>>>>
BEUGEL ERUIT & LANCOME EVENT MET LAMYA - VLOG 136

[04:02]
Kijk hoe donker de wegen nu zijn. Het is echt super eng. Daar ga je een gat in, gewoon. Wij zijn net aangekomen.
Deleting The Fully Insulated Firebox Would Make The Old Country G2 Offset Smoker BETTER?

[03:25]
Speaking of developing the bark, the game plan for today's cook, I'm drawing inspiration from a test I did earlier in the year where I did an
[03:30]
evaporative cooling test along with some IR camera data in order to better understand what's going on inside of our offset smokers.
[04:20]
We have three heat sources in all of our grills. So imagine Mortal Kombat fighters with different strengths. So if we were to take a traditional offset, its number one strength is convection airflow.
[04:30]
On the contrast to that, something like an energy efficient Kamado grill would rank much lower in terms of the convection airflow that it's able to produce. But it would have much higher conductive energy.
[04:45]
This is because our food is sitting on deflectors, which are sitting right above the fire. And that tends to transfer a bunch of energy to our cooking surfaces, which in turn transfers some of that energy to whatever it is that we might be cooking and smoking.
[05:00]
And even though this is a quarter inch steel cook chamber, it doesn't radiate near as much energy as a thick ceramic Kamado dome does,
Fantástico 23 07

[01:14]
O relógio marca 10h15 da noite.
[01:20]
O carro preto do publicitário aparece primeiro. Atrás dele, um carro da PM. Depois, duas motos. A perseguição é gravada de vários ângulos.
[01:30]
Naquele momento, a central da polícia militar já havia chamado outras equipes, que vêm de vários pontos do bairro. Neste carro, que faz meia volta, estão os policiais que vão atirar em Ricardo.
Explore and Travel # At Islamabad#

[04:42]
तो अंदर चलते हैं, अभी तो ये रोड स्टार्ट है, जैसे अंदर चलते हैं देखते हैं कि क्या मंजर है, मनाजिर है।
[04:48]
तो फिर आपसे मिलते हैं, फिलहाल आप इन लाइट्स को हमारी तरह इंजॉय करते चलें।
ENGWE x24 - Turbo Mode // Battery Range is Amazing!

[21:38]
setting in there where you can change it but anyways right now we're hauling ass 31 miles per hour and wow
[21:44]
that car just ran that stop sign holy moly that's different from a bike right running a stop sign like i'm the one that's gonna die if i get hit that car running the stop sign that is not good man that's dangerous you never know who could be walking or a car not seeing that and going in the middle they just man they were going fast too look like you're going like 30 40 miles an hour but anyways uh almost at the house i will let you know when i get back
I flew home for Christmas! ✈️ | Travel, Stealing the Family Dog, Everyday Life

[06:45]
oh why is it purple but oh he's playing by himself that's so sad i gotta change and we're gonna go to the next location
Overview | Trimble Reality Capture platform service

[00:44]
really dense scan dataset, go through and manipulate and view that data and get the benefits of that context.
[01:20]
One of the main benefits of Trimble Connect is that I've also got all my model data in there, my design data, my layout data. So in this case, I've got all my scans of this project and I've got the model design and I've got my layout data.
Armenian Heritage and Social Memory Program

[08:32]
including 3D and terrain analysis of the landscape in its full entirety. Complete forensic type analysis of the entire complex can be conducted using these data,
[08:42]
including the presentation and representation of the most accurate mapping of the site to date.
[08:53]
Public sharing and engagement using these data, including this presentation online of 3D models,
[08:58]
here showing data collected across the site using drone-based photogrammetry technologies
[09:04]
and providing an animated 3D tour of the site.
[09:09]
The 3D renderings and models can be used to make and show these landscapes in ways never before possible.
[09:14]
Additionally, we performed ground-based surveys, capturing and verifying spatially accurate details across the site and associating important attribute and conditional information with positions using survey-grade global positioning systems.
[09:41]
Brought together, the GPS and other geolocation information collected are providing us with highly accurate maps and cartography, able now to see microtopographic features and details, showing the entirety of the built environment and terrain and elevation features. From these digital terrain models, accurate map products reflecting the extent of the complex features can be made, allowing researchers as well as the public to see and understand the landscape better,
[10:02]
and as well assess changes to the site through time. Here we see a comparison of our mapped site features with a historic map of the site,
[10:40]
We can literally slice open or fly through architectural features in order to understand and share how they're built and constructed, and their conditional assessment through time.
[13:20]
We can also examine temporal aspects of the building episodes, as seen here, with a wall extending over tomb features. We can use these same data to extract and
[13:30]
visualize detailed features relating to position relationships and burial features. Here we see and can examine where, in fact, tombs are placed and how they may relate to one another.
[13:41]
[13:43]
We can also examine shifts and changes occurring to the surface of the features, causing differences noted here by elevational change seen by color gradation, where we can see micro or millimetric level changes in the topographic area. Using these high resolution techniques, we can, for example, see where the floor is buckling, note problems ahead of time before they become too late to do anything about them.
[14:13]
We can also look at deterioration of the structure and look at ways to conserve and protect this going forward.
<<<<
Work required
Please copy every line of the material exactly.

Response to this task
BEUGEL ERUIT & LANCOME EVENT MET LAMYA - VLOG 136

[04:02]
Kijk hoe donker de wegen nu zijn. Het is echt super eng. Daar ga je een gat in, gewoon. Wij zijn net aangekomen.
Deleting The Fully Insulated Firebox Would Make The Old Country G2 Offset Smoker BETTER?

[03:25]
Speaking of developing the bark, the game plan for today's cook, I'm drawing inspiration from a test I did earlier in the year where I did an
[03:30]
evaporative cooling test along with some IR camera data in order to better understand what's going on inside of our offset smokers.
[04:20]
We have three heat sources in all of our grills. So imagine Mortal Kombat fighters with different strengths. So if we were to take a traditional offset, its number one strength is convection airflow.
[04:30]
On the contrast to that, something like an energy efficient Kamado grill would rank much lower in terms of the convection airflow that it's able to produce. But it would have much higher conductive energy.
[04:45]
This is because our food is sitting on deflectors, which are sitting right above the fire. And that tends to transfer a bunch of energy to our cooking surfaces, which in turn transfers some of that energy to whatever it is that we might be cooking and smoking.
[05:00]
And even though this is a quarter inch steel cook chamber, it doesn't radiate near as much energy as a thick ceramic Kamado dome does,
Fantástico 23 07

[01:14]
O relógio marca 10h15 da noite.
[01:20]
O carro preto do publicitário aparece primeiro. Atrás dele, um carro da PM. Depois, duas motos. A perseguição é gravada de vários ângulos.
[01:30]
Naquele momento, a central da polícia militar já havia chamado outras equipes, que vêm de vários pontos do bairro. Neste carro, que faz meia volta, estão os policiais que vão atirar em Ricardo.
Explore and Travel # At Islamabad#

[04:42]
तो अंदर चलते हैं, अभी तो ये रोड स्टार्ट है, जैसे अंदर चलते हैं देखते हैं कि क्या मंजर है, मनाजिर है।
[04:48]
तो फिर आपसे मिलते हैं, फिलहाल आप इन लाइट्स को हमारी तरह इंजॉय करते चलें।
ENGWE x24 - Turbo Mode // Battery Range is Amazing!

[21:38]
setting in there where you can change it but anyways right now we're hauling ass 31 miles per hour and wow
[21:44]
that car just ran that stop sign holy moly that's different from a bike right running a stop sign like i'm the one that's gonna die if i get hit that car running the stop sign that is not good man that's dangerous you never know who could be walking or a car not seeing that and going in the middle they just man they were going fast too look like you're going like 30 40 miles an hour but anyways uh almost at the house i will let you know when i get back
I flew home for Christmas! ✈️ | Travel, Stealing the Family Dog, Everyday Life

[06:45]
oh why is it purple but oh he's playing by himself that's so sad i gotta change and we're gonna go to the next location
Overview | Trimble Reality Capture platform service

[00:44]
really dense scan dataset, go through and manipulate and view that data and get the benefits of that context.
[01:20]
One of the main benefits of Trimble Connect is that I've also got all my model data in there, my design data, my layout data. So in this case, I've got all my scans of this project and I've got the model design and I've got my layout data.
Armenian Heritage and Social Memory Program

[08:32]
including 3D and terrain analysis of the landscape in its full entirety. Complete forensic type analysis of the entire complex can be conducted using these data,
[08:42]
including the presentation and representation of the most accurate mapping of the site to date.
[08:53]
Public sharing and engagement using these data, including this presentation online of 3D models,
[08:58]
here showing data collected across the site using drone-based photogrammetry technologies
[09:04]
and providing an animated 3D tour of the site.
[09:09]
The 3D renderings and models can be used to make and show these landscapes in ways never before possible.
[09:14]
Additionally, we performed ground-based surveys, capturing and verifying spatially accurate details across the site and associating important attribute and conditional information with positions using survey-grade global positioning systems.
[09:41]
Brought together, the GPS and other geolocation information collected are providing us with highly accurate maps and cartography, able now to see microtopographic features and details, showing the entirety of the built environment and terrain and elevation features. From these digital terrain models, accurate map products reflecting the extent of the complex features can be made, allowing researchers as well as the public to see and understand the landscape better,
[10:02]
and as well assess changes to the site through time. Here we see a comparison of our mapped site features with a historic map of the site,
[10:40]
We can literally slice open or fly through architectural features in order to understand and share how they're built and constructed, and their conditional assessment through time.
[13:20]
We can also examine temporal aspects of the building episodes, as seen here, with a wall extending over tomb features. We can use these same data to extract and
[13:30]
visualize detailed features relating to position relationships and burial features. Here we see and can examine where, in fact, tombs are placed and how they may relate to one another.
[13:41]
[13:43]
We can also examine shifts and changes occurring to the surface of the features, causing differences noted here by elevational change seen by color gradation, where we can see micro or millimetric level changes in the topographic area. Using these high resolution techniques, we can, for example, see where the floor is buckling, note problems ahead of time before they become too late to do anything about them.
[14:13]
We can also look at deterioration of the structure and look at ways to conserve and protect this going forward.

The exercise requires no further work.